Listed records:

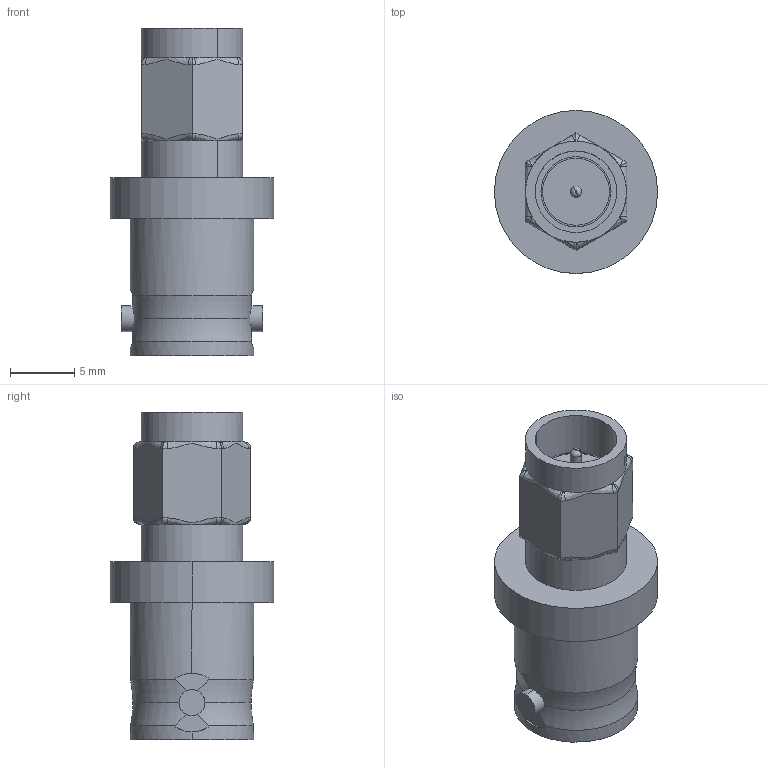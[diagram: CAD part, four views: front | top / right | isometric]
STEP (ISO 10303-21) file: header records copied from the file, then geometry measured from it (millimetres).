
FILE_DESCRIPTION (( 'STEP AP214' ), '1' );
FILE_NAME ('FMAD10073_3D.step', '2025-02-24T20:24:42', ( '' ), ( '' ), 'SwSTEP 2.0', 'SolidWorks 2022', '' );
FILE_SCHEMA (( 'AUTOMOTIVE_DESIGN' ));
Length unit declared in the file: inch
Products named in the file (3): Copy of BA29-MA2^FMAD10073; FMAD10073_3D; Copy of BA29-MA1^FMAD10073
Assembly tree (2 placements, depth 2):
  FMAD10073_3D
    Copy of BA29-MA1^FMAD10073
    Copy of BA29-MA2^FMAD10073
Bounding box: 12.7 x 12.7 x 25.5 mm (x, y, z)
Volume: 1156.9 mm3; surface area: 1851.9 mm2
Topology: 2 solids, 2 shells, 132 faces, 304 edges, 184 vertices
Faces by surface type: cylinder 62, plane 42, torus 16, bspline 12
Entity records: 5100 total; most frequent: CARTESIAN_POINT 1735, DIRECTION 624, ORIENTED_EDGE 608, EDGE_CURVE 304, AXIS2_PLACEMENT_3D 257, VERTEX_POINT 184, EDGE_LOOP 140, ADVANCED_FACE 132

Exercise:
From the first record to the last, restate everything exactly but omit the pictures.

Reply:
[diagram: CAD part, four views: front | top / right | isometric]
STEP (ISO 10303-21) file: header records copied from the file, then geometry measured from it (millimetres).
FILE_DESCRIPTION (( 'STEP AP214' ), '1' );
FILE_NAME ('FMAD10073_3D.step', '2025-02-24T20:24:42', ( '' ), ( '' ), 'SwSTEP 2.0', 'SolidWorks 2022', '' );
FILE_SCHEMA (( 'AUTOMOTIVE_DESIGN' ));
Length unit declared in the file: inch
Products named in the file (3): Copy of BA29-MA2^FMAD10073; FMAD10073_3D; Copy of BA29-MA1^FMAD10073
Assembly tree (2 placements, depth 2):
  FMAD10073_3D
    Copy of BA29-MA1^FMAD10073
    Copy of BA29-MA2^FMAD10073
Bounding box: 12.7 x 12.7 x 25.5 mm (x, y, z)
Volume: 1156.9 mm3; surface area: 1851.9 mm2
Topology: 2 solids, 2 shells, 132 faces, 304 edges, 184 vertices
Faces by surface type: cylinder 62, plane 42, torus 16, bspline 12
Entity records: 5100 total; most frequent: CARTESIAN_POINT 1735, DIRECTION 624, ORIENTED_EDGE 608, EDGE_CURVE 304, AXIS2_PLACEMENT_3D 257, VERTEX_POINT 184, EDGE_LOOP 140, ADVANCED_FACE 132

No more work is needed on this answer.